Content starts

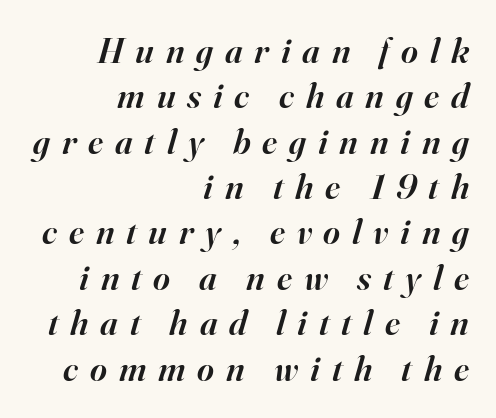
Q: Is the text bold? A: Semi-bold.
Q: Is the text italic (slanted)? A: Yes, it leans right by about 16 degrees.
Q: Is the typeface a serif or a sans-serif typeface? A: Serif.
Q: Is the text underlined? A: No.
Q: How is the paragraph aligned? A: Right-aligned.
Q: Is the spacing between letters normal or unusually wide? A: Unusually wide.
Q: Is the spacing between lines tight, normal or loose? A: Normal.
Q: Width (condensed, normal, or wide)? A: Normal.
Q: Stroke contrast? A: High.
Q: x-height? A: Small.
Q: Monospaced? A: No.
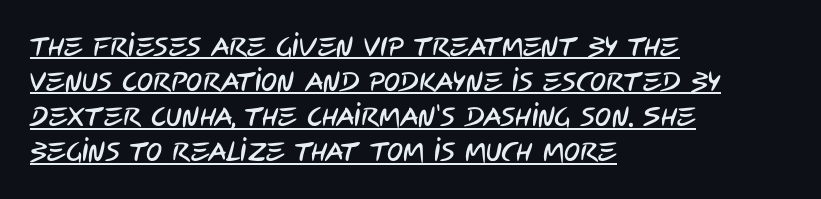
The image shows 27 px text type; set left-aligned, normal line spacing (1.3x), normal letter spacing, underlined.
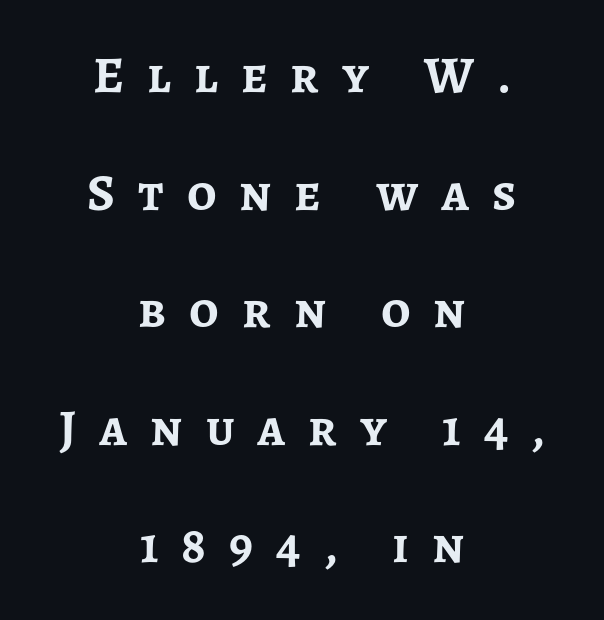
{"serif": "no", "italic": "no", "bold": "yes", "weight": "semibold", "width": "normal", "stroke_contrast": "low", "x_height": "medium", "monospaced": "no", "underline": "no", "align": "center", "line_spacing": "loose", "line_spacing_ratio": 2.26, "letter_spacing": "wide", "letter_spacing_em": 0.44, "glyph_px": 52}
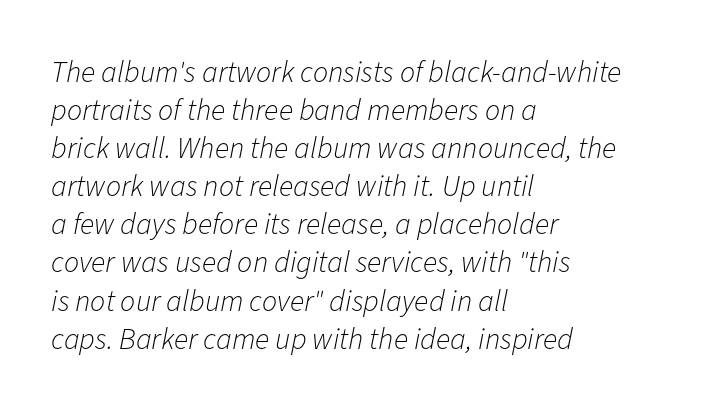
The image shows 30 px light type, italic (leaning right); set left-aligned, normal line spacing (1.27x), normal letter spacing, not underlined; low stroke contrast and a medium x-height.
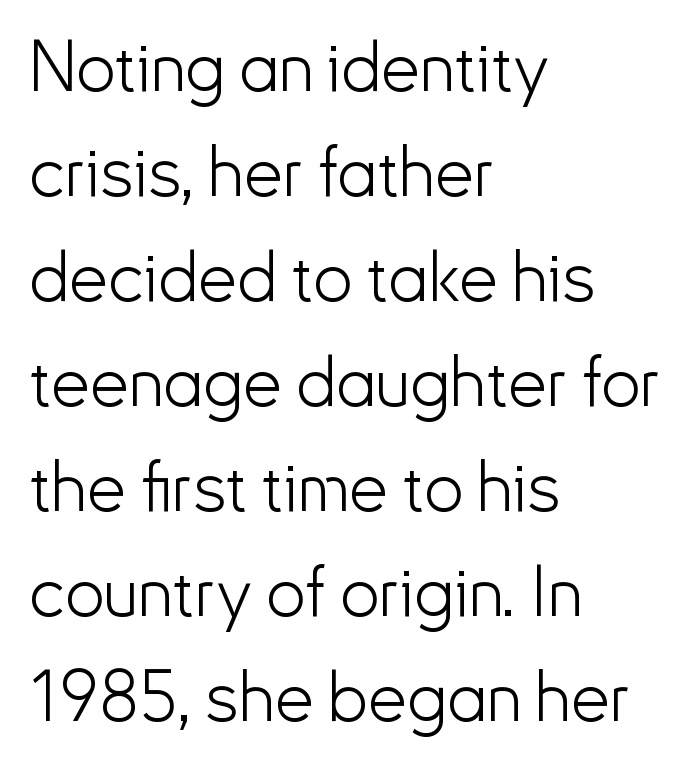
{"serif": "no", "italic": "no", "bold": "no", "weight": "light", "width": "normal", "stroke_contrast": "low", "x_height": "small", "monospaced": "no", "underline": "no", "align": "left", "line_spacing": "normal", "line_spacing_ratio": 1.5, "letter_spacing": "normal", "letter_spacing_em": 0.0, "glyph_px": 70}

Content ends

BRIEF
Reproduce every line above containing "wide".

TASK OUTPUT
Q: Is the spacing between letters normal or unusually wide? A: Unusually wide.
Q: Width (condensed, normal, or wide)? A: Normal.
{"serif": "no", "italic": "no", "bold": "yes", "weight": "semibold", "width": "normal", "stroke_contrast": "low", "x_height": "medium", "monospaced": "no", "underline": "no", "align": "center", "line_spacing": "loose", "line_spacing_ratio": 2.26, "letter_spacing": "wide", "letter_spacing_em": 0.44, "glyph_px": 52}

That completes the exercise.